While this benchmark offers valuable insights, it’s crucial to recognize its limitations. The evaluation was conducted on a subset of 1448 images, compared against a pool of 150,000 images. Given the entire dataset’s size of 2.1 million images, this narrowed focus was necessary to conserve resources.
It’s worth noting that MetaAI employs the DISC21 dataset as a benchmark for its model, potentially giving DINOv2 a favorable advantage.

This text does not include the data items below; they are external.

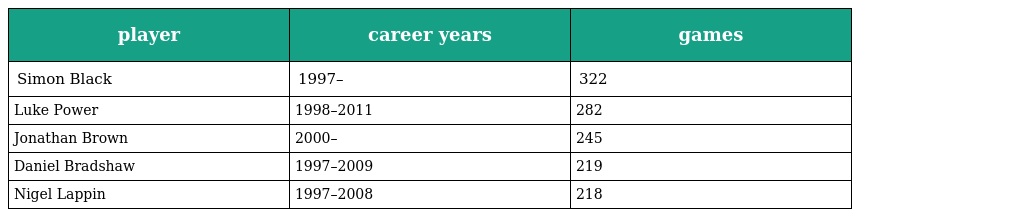
| player | career years | games |
 | --- | --- | --- |
 | Simon Black | 1997– | 322 |
 | Luke Power | 1998–2011 | 282 |
 | Jonathan Brown | 2000– | 245 |
 | Daniel Bradshaw | 1997–2009 | 219 |
 | Nigel Lappin | 1997–2008 | 218 |

However, our tests on the COCO dataset revealed intriguing nuances: DINOv2 displays a heightened ability to identify primary elements in an image, whereas CLIP demonstrates adeptness at focusing on specific details within an input image (as exemplified by the image of the bus).
Lastly, it’s essential to consider the difference in embedding dimensions between CLIP and DINOv2. CLIP utilizes an embedding dimension of 512, whereas DINOv2 operates with 768. While an alternative could be to employ the larger CLIP model with a matching embedding dimension, it’s worth noting that this comes at the cost of speed. A quick test on a small subset showed a slight performance boost but without achieving the level of performance demonstrated by DINOv2.
DINOv2 demonstrates superior accuracy in image similarity tasks, showcasing its potential for practical applications. CLIP, while commendable, falls short in comparison. It’s worth noting that CLIP can be particularly useful in scenarios that demand a focus on small details. Both models exhibit similar computational efficiency, making the choice task-specific.